**Information:**
BEGIN
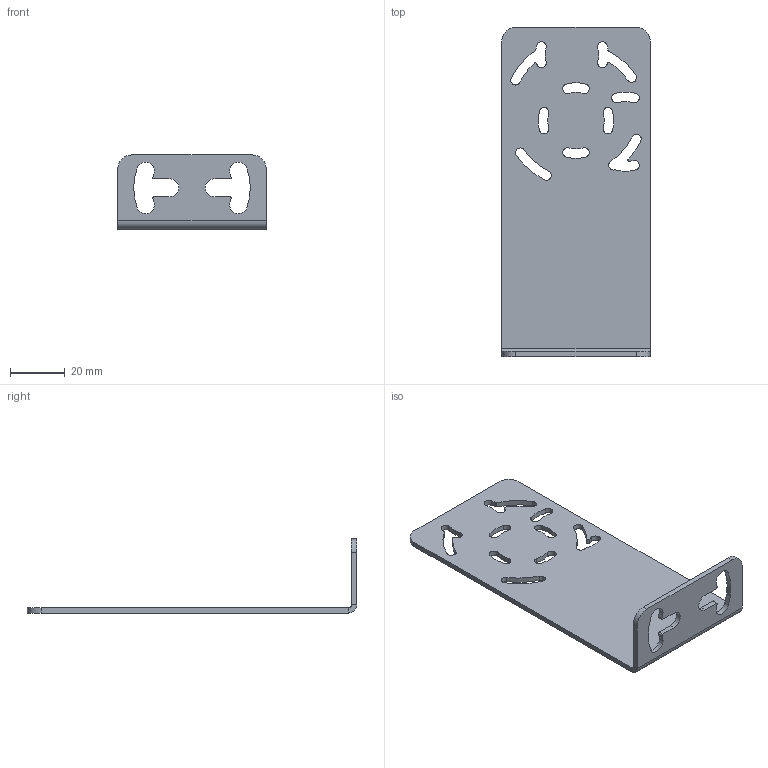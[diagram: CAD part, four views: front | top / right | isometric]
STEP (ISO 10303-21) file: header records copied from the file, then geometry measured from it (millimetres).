
FILE_DESCRIPTION((''),'2;1');
FILE_NAME('195829_ASM','2016-09-01T',('pdmadmin'),('BANNER ENGINEERING'),'PRO/ENGINEER BY PARAMETRIC TECHNOLOGY CORPORATION, 2016100','PRO/ENGINEER BY PARAMETRIC TECHNOLOGY CORPORATION, 2016100','');
FILE_SCHEMA(('CONFIG_CONTROL_DESIGN'));
Length unit declared in the file: millimetre
Products named in the file (2): 195828; 195829_ASM
Assembly tree (1 placements, depth 2):
  195829_ASM
    195828
Bounding box: 54 x 120 x 27 mm (x, y, z)
Volume: 13247.7 mm3; surface area: 15477.3 mm2
Topology: 1 solids, 1 shells, 91 faces, 259 edges, 170 vertices
Faces by surface type: cylinder 75, plane 16
Entity records: 3150 total; most frequent: DIRECTION 597, CARTESIAN_POINT 523, ORIENTED_EDGE 518, EDGE_CURVE 259, AXIS2_PLACEMENT_3D 244, VERTEX_POINT 170, CIRCLE 150, EDGE_LOOP 113
END
**Action item:** For each entry, repeat its text exactly and leave out any picture it holds.

**Answer to this problem:**
[diagram: CAD part, four views: front | top / right | isometric]
STEP (ISO 10303-21) file: header records copied from the file, then geometry measured from it (millimetres).
FILE_DESCRIPTION((''),'2;1');
FILE_NAME('195829_ASM','2016-09-01T',('pdmadmin'),('BANNER ENGINEERING'),'PRO/ENGINEER BY PARAMETRIC TECHNOLOGY CORPORATION, 2016100','PRO/ENGINEER BY PARAMETRIC TECHNOLOGY CORPORATION, 2016100','');
FILE_SCHEMA(('CONFIG_CONTROL_DESIGN'));
Length unit declared in the file: millimetre
Products named in the file (2): 195828; 195829_ASM
Assembly tree (1 placements, depth 2):
  195829_ASM
    195828
Bounding box: 54 x 120 x 27 mm (x, y, z)
Volume: 13247.7 mm3; surface area: 15477.3 mm2
Topology: 1 solids, 1 shells, 91 faces, 259 edges, 170 vertices
Faces by surface type: cylinder 75, plane 16
Entity records: 3150 total; most frequent: DIRECTION 597, CARTESIAN_POINT 523, ORIENTED_EDGE 518, EDGE_CURVE 259, AXIS2_PLACEMENT_3D 244, VERTEX_POINT 170, CIRCLE 150, EDGE_LOOP 113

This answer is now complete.